Sarah n’avait pas tort. Susanne Sonneur aurait pu concevoir des doutes au sujet des qualités morales de son mari. De sa loyauté finalement. Mais a-t-on jamais envie, dans la vie, de se constituer des doutes ? Les doutes, à la première occasion, on préfère les dissiper, voir le bon côté des choses, se persuader d’avoir été trompé par des impressions fallacieuses. On aime se dire que tout va bien, que son mari est formidable. Qu’il vous protège de vos démons morbides.
Puiser dans la vie d’une femme pour en faire une fiction
Dans son dernier ouvrage, Éric Reinhardt revisite le schéma narratif qui a fait le succès de son roman « L’amour et les forêts » (2014). Une fois de plus, l’auteur nous plonge dans l’univers des jeux de miroir par une mise en abyme envoûtante. C’est ainsi qu’il tisse une nouvelle histoire d’un écrivain invité à puiser dans la vie d’une femme pour en faire une fiction.
Au commencement, en rémission d’un cancer, Sarah se découvre soudainement prisonnière d’une existence bourgeoise dépourvue d’émotions. Premièrement, mariée depuis vingt ans, elle se heurte à un époux distant, enfermé dans son bureau.

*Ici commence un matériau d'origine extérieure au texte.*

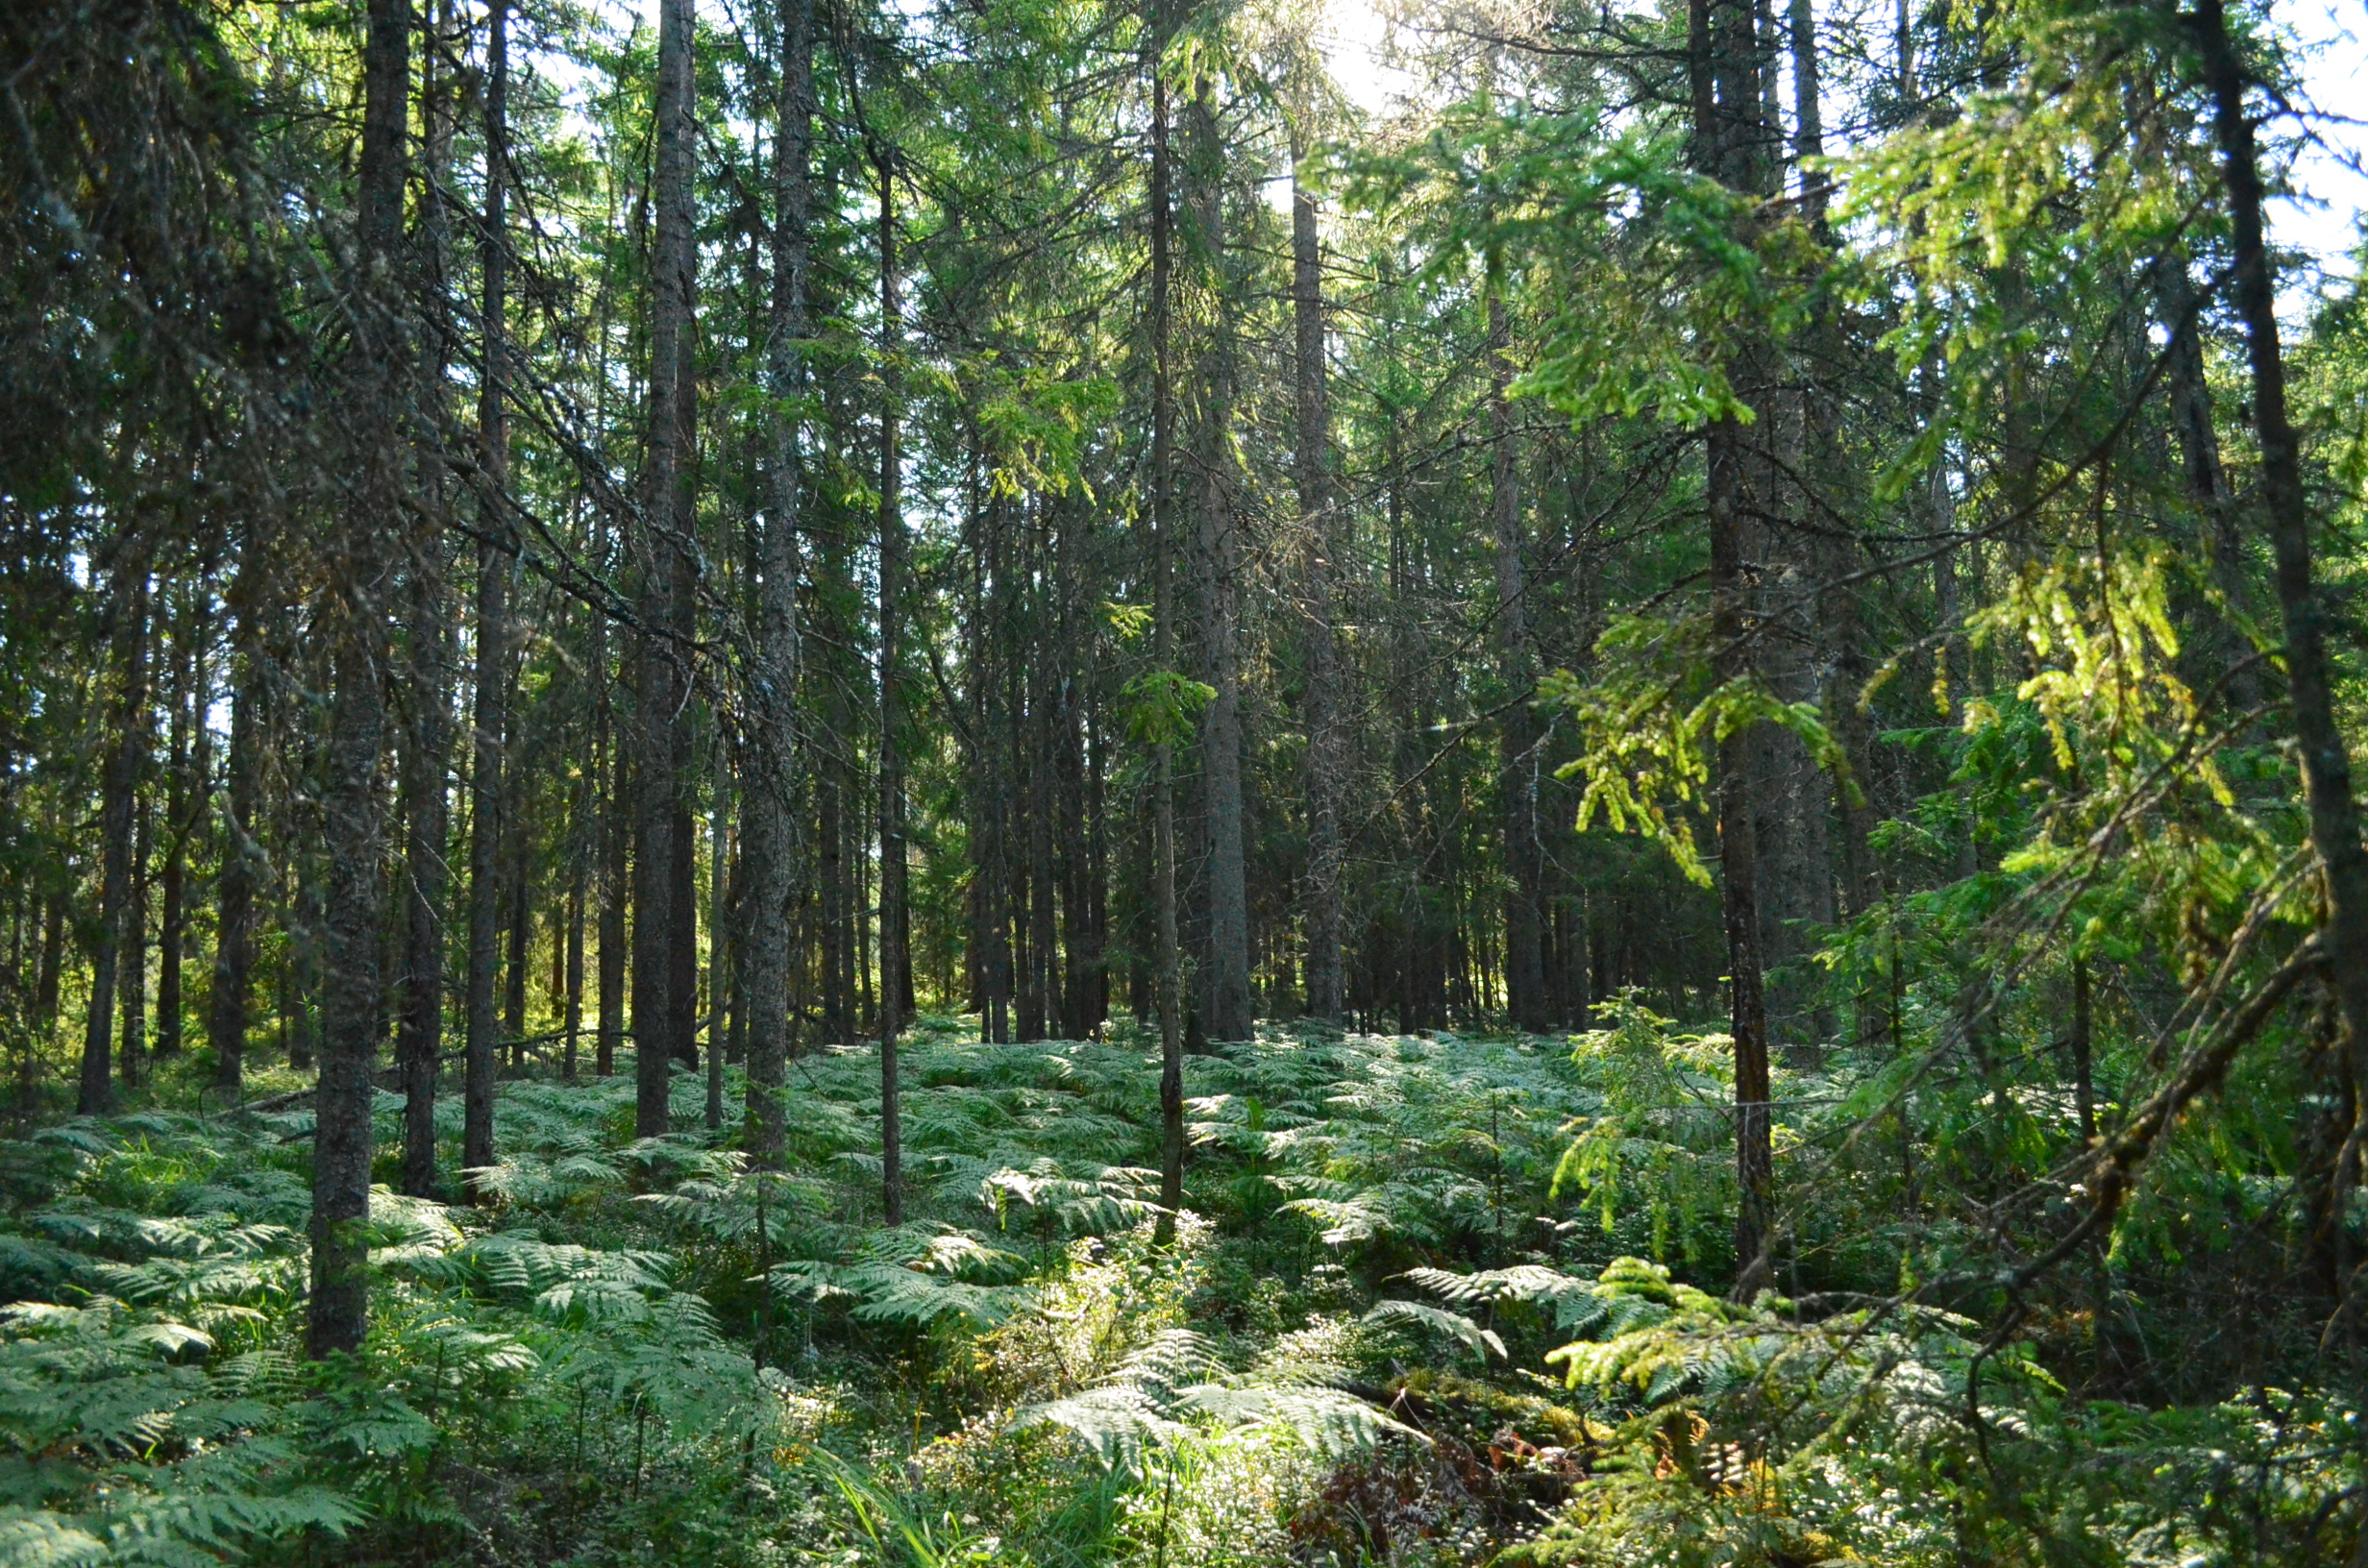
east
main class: Woodland
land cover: Spruce dominated coniferous woodland
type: hemiboreal forest and nemoral coniferous forest and mixed broadleaved-coniferous forest
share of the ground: 50 - 75 %
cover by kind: coniferous forest trees 60 %, shrubs 15 %, herbaceous plants 10 %, lichens and mosses 10 %, broadleaved forest trees 5 %
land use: Forestry
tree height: > 5 m
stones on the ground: < 10 %
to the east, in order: Spruce dominated coniferous woodland; Pine dominated coniferous woodland
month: August
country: LV
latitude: 57.6375
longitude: 22.2592
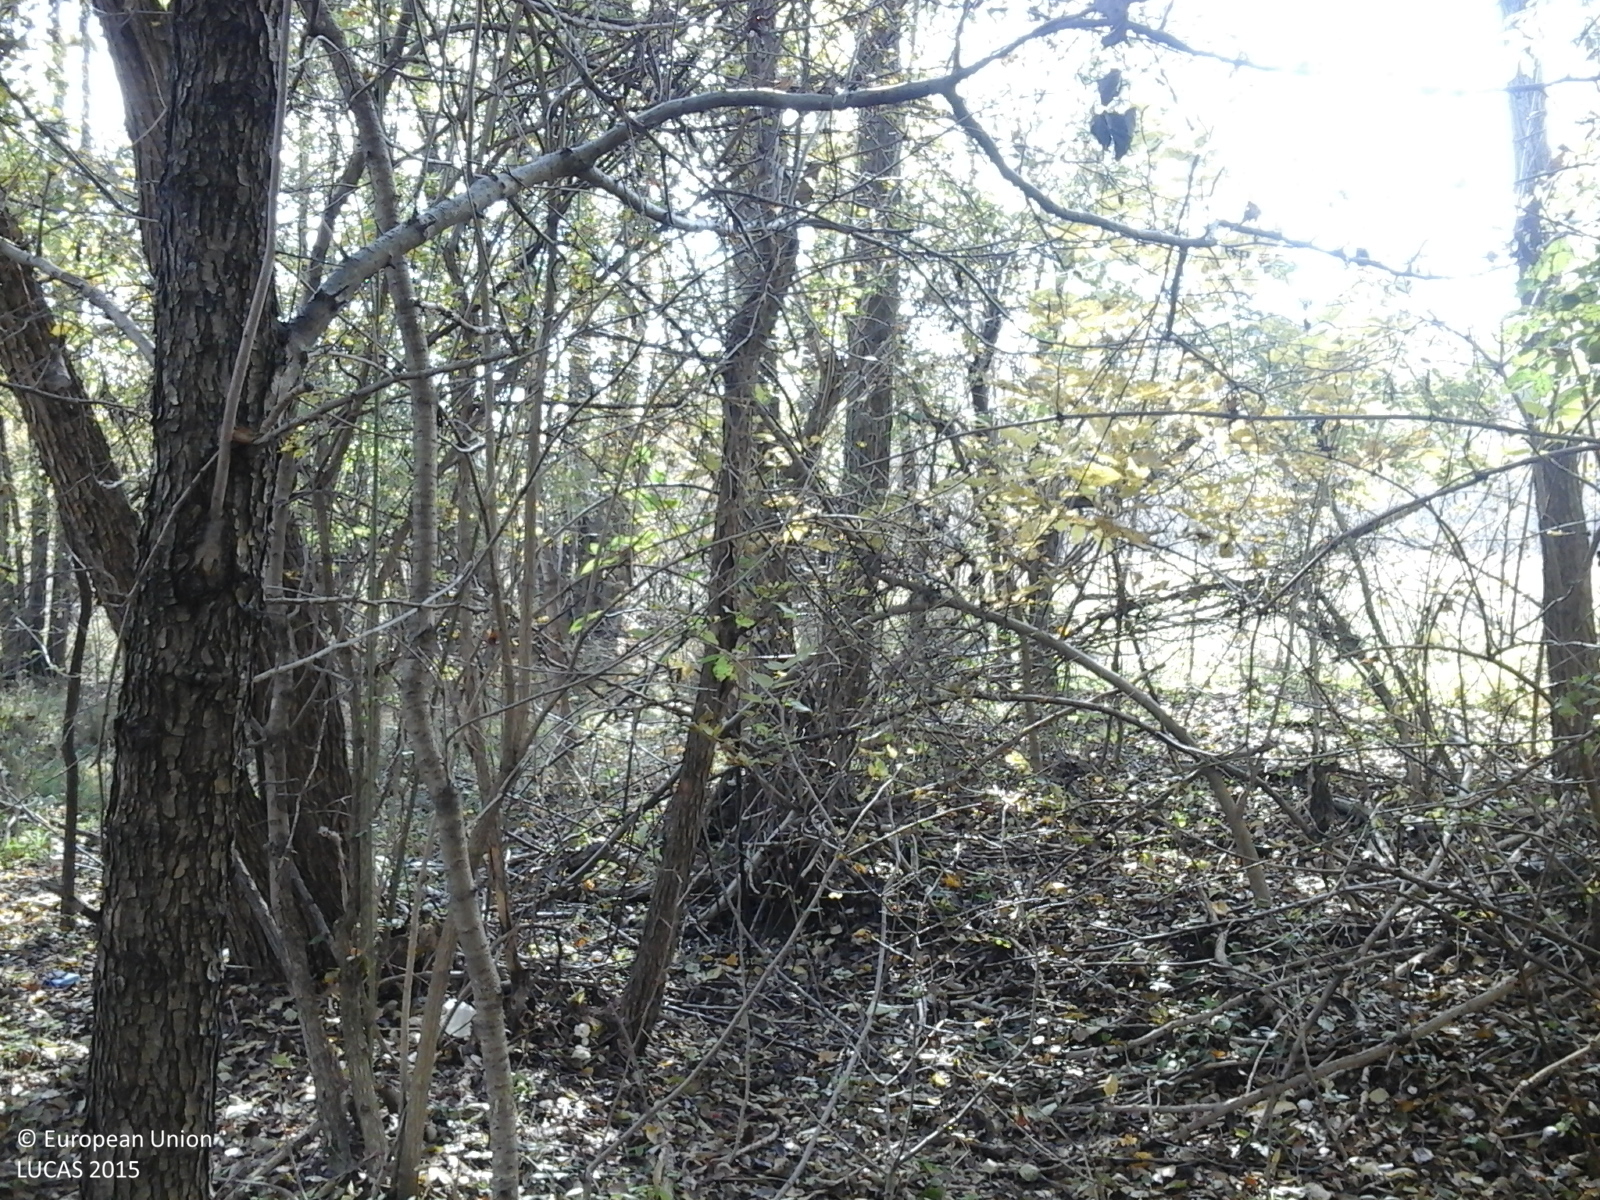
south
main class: Woodland
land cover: Broadleaved woodland
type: non-riverine alder, birch or aspen forest
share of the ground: > 75 %
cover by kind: broadleaved forest trees 100 %
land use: Forestry
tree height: > 5 m
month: October
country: RO
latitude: 45.9555
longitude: 26.9799
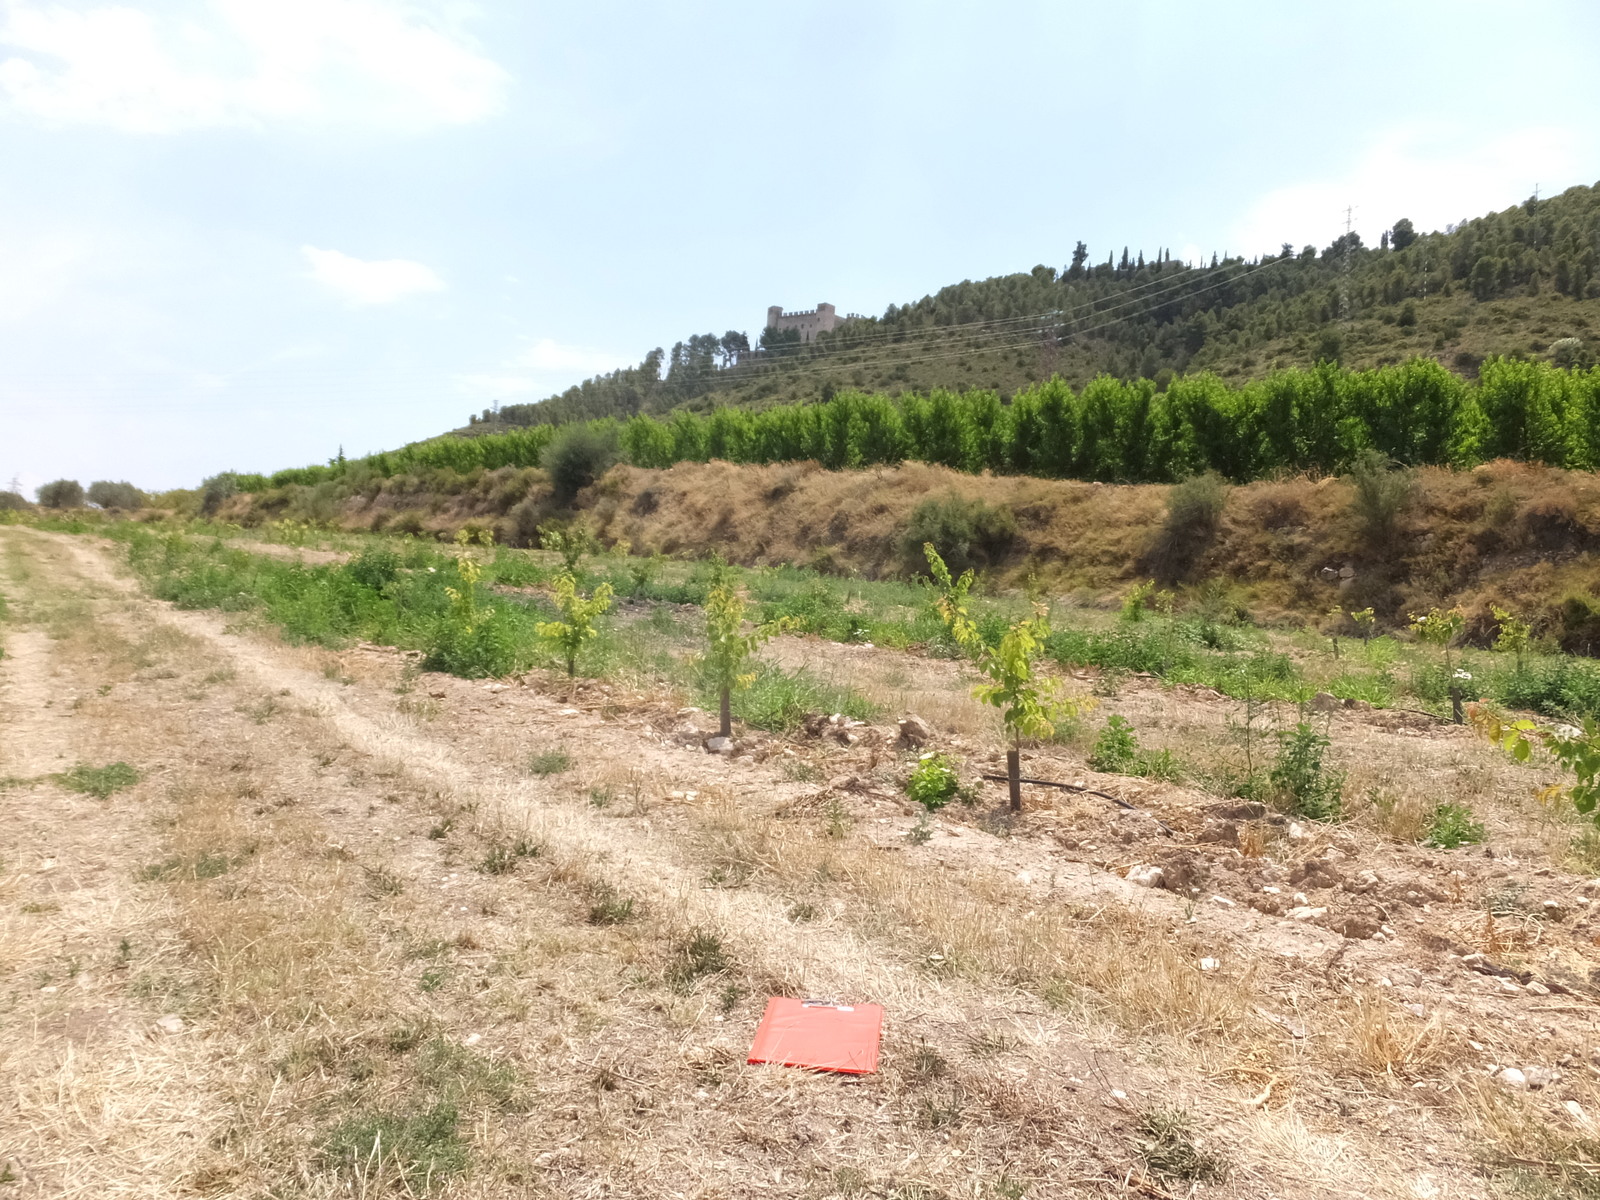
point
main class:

Deuxièmement, la révélation que celui-ci détient l’essentiel de leurs biens provoque un électrochoc. Enfin, décidant de s’éloigner quelques semaines, Sarah se retrouve plongée dans un tourbillon de brutalité. Ce qui la conduit au seuil de la folie.
L’auteur maintient une longueur d’avance sur le lecteur
Sous la plume de l’écrivain, les confidences poignantes de Sarah donnent vie à Susanne. Elle est une création fusionnant les reflets de Sarah et les projections de l’auteur. Le récit progresse en un ballet incessant entre réel, symbolique et imaginaire. L’écrivain invite Sarah à peaufiner avec lui ce second personnage, faisant référence à son propre vécu. Réalité et distorsions s’entremêlent, plongeant Sarah dans l’ombre de sa propre vie.
Alors que Sarah partage son histoire, Susanne la vit à sa manière. En même temps l’écrivain y ajoute des éléments de sa propre vie. En conséquence, la narration s’accélère. Les fils se fondent en un seul, celui de l’acte créatif, mystérieux dans sa source. L’auteur maintient une longueur d’avance sur le lecteur. En effet, Reinhardt conçoit un dénouement inattendu qui défie les réalités patriarcales les plus méprisables.
Ce livre à la construction vertigineuse offre une voix à une femme qui refuse d’abandonner ses idéaux face à l’indifférence égoïste de son mari. Il emporte le lecteur, avec une originalité captivante, au cœur du processus créatif. Émotionnellement et intellectuellement absorbant, il séduit et émeut. En somme, il laisse une empreinte indélébile. « Sarah, Susanne et l’écrivain » est une œuvre qui transcende les frontières de la fiction pour toucher l’essence même de l’art et de la résilience.